Menlo Park to narrow part of Middlefield Road

Published May 4, 2023

By Emily Mibach
Daily Post Staff Writer

Menlo Park officials are taking a new approach when it comes to reducing traffic lanes on streets. Instead of holding public hearings before the work is done, the city plans to reduce a quarter-mile stretch of Middlefield Road as early as next week and then, in six months, ask council members if they want to make it permanent.

The lane reduction will be from St. Patricks Seminary to the block before Willow Road – Santa Margarita Avenue. It could occur as soon as next week.

Only this stretch of road is being reduced because CalWater just replaced a water main that required repaving along that area, according to Assistant Public Works Director Hugh Louch.

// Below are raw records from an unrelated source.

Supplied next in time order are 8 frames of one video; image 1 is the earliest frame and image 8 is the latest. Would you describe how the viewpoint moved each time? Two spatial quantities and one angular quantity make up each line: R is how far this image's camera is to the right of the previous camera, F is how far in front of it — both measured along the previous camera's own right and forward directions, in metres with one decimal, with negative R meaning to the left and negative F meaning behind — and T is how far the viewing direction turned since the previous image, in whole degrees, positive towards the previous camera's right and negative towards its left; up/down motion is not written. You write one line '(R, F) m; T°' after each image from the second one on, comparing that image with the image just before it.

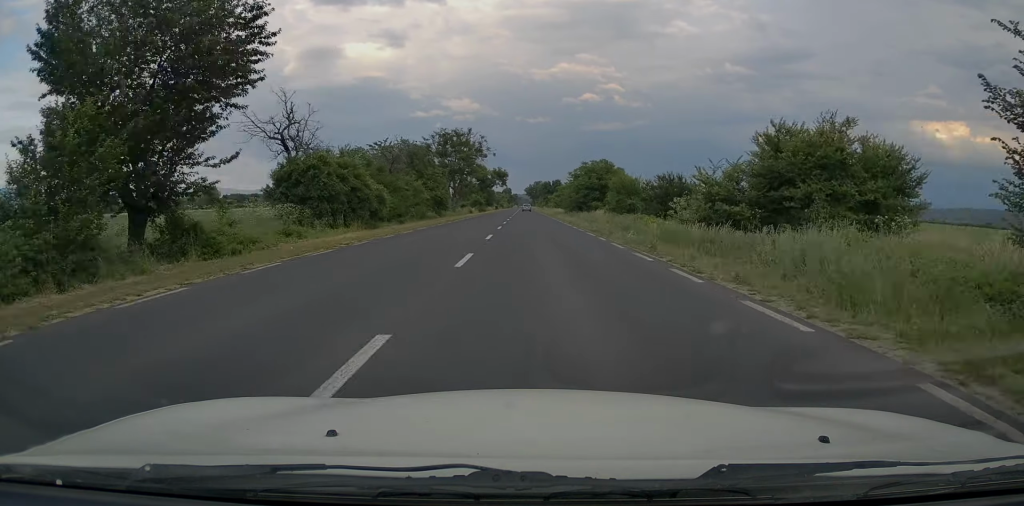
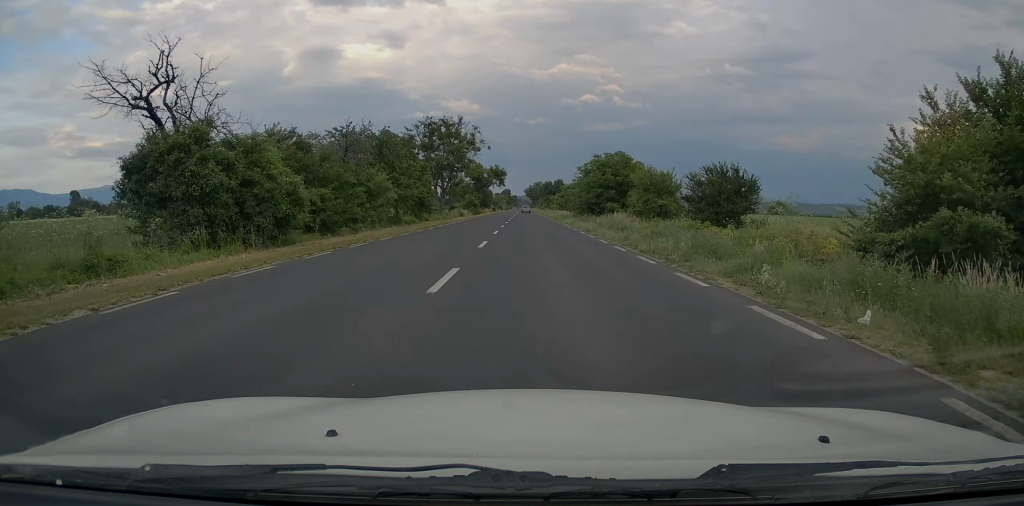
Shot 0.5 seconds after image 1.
(+0.2, +12.1) m; 0°
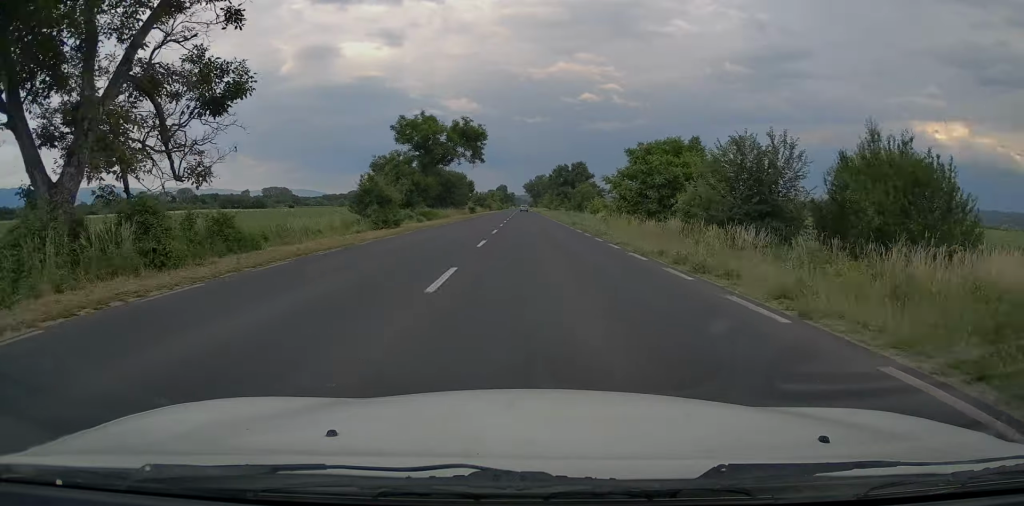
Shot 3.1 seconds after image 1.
(-0.2, +62.2) m; 0°
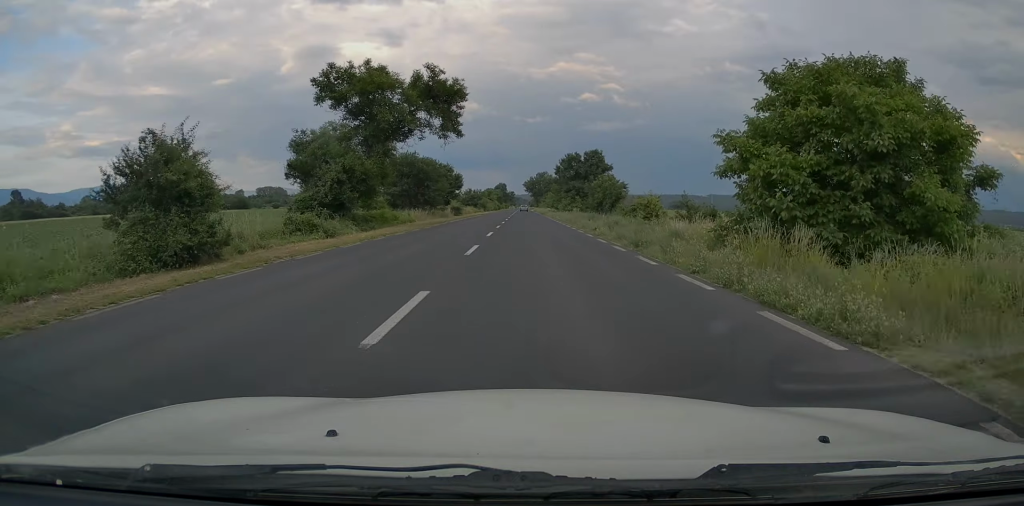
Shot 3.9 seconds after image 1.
(-0.1, +21.0) m; 0°
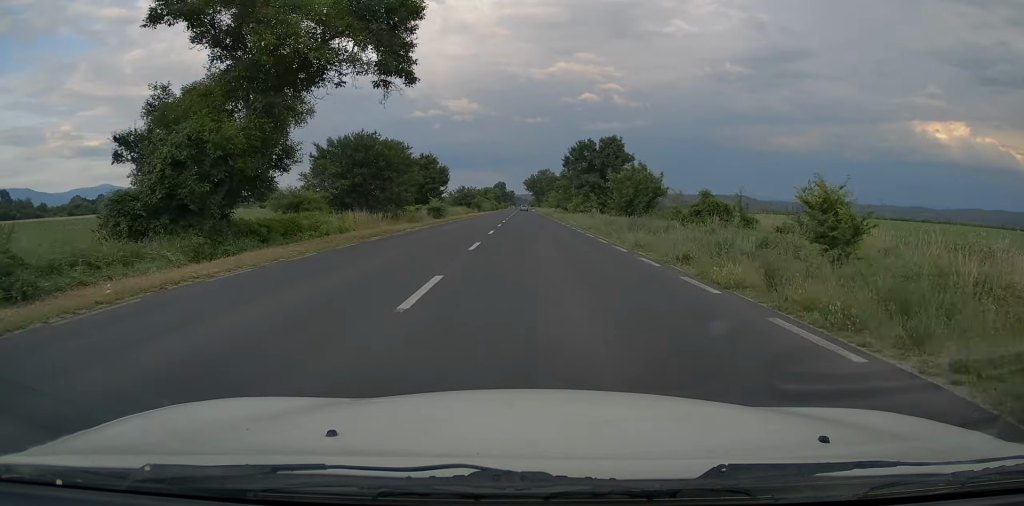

The change could be temporary, as the new lanes are only going to be painted on. Louch said the city will be keeping close tabs on how traffic goes through the area.

In six months or so, Louchs team will go before the City Council to hear whether the changes ought to be made permanent, alter the changes or go back to the way the lanes were.

The road will go from two travel lanes on either side to one travel lane and a middle turn lane.

The goal behind the project is to improve safety for pedestrians to give them more certainty where the cars they are walking near will go, explained City Manager Justin Murphy during the City Council meeting on Tuesday, where the project was announced.

There is no set date as to when the new lanes will be painted, but it is set to occur next month, according to Louch.

It is possible the lane reductions could be expanded on Middlefield, as the city is planning to repave the road from the city limit with Palo Alto to Ravenswood Avenue, Louch said.


  1. Narrowing roads won’t make traffic disappear in the same way that toll roads won’t reduce congestion. They’ll just create more backups and gridlock and road rage at n=merge points.

  2. They are already making it MORE dangerous, as there are no signs warning of the changes. My friend was totally surprised that all of a sudden you have to merge unexpectedly, where there had always been a lane.

  3. This is going to be an absolute nightmare! We should be widening these roads, not narrowing. Look at what happened in Palo Alto with the Charleston Arasterdero project which narrowed 4 lanes to 2 lanes from Foothill Expressway to San Antonio Road — traffic is now routinely backed up at Gunn HS — can take 20 minutes just to get in and out of the parking lot during drop off and pick up. Traffic is backed up from Middlefield and Charleston in all directions during rush hour and is now worse after the lane reductions. The whole purpose was to make it more bike friendly, but there is no significant increase in bike usage on these routes.

    • Agreed. I had a bad feeling the Palo Alto insanity was going to creep into Menlo Park. We the people need to have a voting voice on any of this infrastructure change or the city council will make the decision for the people.

  4. While this is a weird approach, the only thing that off-sets this is that this stretch is already an anomaly… This street is only a single lane anyway coming out of and going into Palo Alto and as soon as you hit Ravenswood intersection, it’s back to a single lane all the way into Redwood City, so really, what’s the difference… There is a sidewalk already so pedestrians are already safe. The bike lane could’ve been built into the existing road without too much difficulty and that’s important to have too. It’s a luxury lane now and makes this bike lane safety effort to easy to criticize for those that don’t like it. I like bike lanes, but this makes the bike lane people like me look piggish and selfish and over-reaching to the detriment of its future implementation

  5. Please don’t become Palo Alto. Any city council member who agrees to make this shortening of lanes on Middlefield permanent should be voted out before they start shortening every road to make way for the thousands of invisible bicyclists in their minds. What’s next spending $9 Million on roundabouts and bike boulevards?